Update: having now thought more deeply about this, I no longer endorse my above comment.
While I think the reasoning was right, I got the definitions exactly backwards. To be clear, what I would now claim is:
The behavioral objective is the thing the agent is revealed to be pursuing under arbitrary distributional shifts.
The mesa-objective is something the agent is revealed to be pursuing under some subset of possible distributional shifts.
Everything in the above comment then still goes through, except with these definitions reversed.
On the one hand, the “perfect IRL” definition of the behavioral objective seems more naturally consistent with the omnipotent experimenter setting in the IRL unidentifiability paper cited downthread. As far as I know, perfect IRL isn’t defined anywhere other than by reference to this reward modelling paper, which introduces the term but doesn’t define it either. But the omnipotent experimenter setting seems to capture all the properties implied by perfect IRL, and does so precisely enough that one can use it to make rigorous statements about the behavioral objective of a system in various contexts.
On the other hand, it’s actually perfectly possible for a mesa-optimizer to have a mesa-objective that is inconsistent with its own actions under some subset of conditions (the key conceptual error I was making was in thinking this was not possible). For example, a human being is a mesa-optimizer from the point of view of evolution. A human being may have something like “maximize happiness” as their mesa-objective. And a human being may, and frequently does, do things that do not maximize for their happiness.
A few consequences of the above:
Under an “omnipotent experimenter” definition, the behavioral objective (and not the mesa-objective) is a reliable invariant of the agent.
It’s entirely possible for the behavioral objective to be overdetermined in certain situations. i.e., if we run every possible experiment on an agent, we may find that the only reward / utility function consistent with its behavior across all those experiments is the trivial utility function that’s constant across all states.
If the behavioral objective of a system is overdetermined, that might mean the system never pursues anything coherently. But it might also mean that there exist subsets of distributions on which the system pursues an objective very coherently, but that different distributions induce different coherent objectives.
The natural way to use the mesa-objective concept is to attach it to one of these subsets of distributions on which we hypothesize our system is pursuing a goal coherently. If we apply a restricted version of the omnipotent experimenter definition — that is, run every experiment on our agent that’s consistent with the subset of distributions we’re conditioning on — then we will in general recover a set of mesa-objective candidates consistent with the system’s actions on that subset.

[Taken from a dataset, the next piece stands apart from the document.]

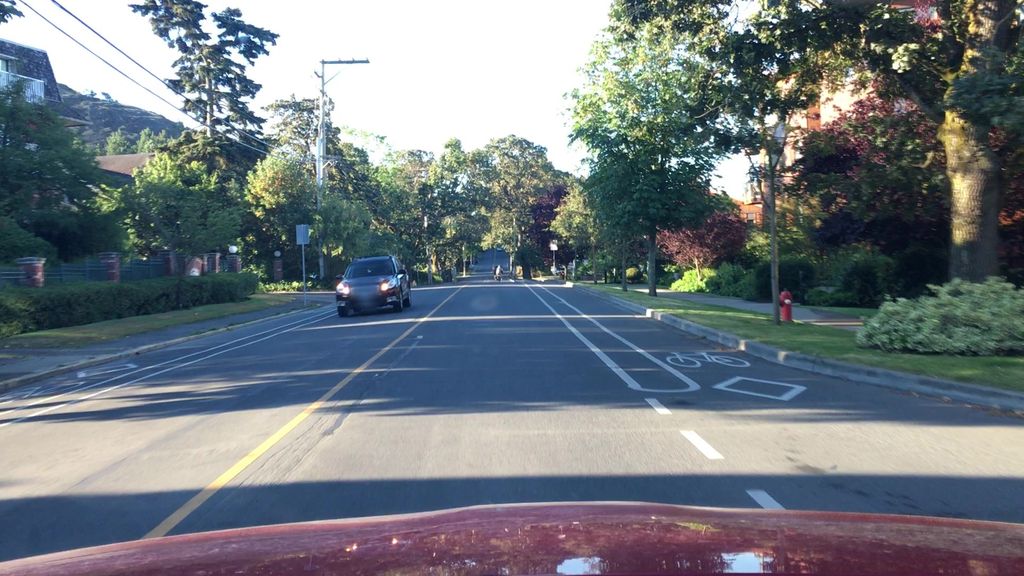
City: victoria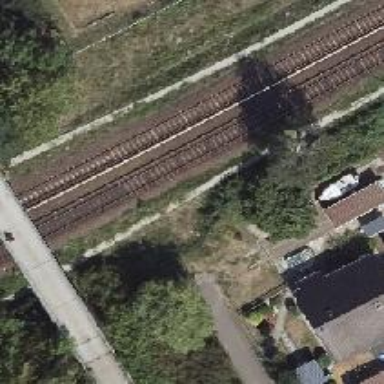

It is strictly incorrect to refer to “the” mesa-objective of any agent or optimizer. Any reference to a mesa-objective has to be conditioned on the subset of distributions it applies on, otherwise it’s underdetermined. (I believe Jack refers to this as a “perturbation set” downthread.)
This seems like it puts these definitions on a more rigorous footing. It also starts to clarify in my mind the connection with the “generalization-focused approach” to inner alignment, since it suggests a procedure one might use in principle to find out whether a system is pursuing coherent utilities on some subset of distributions. (“When we do every experiment allowed by this subset of distributions, do we recover a nontrivial utility function or not?”)
Would definitely be interested in getting feedback on these thoughts!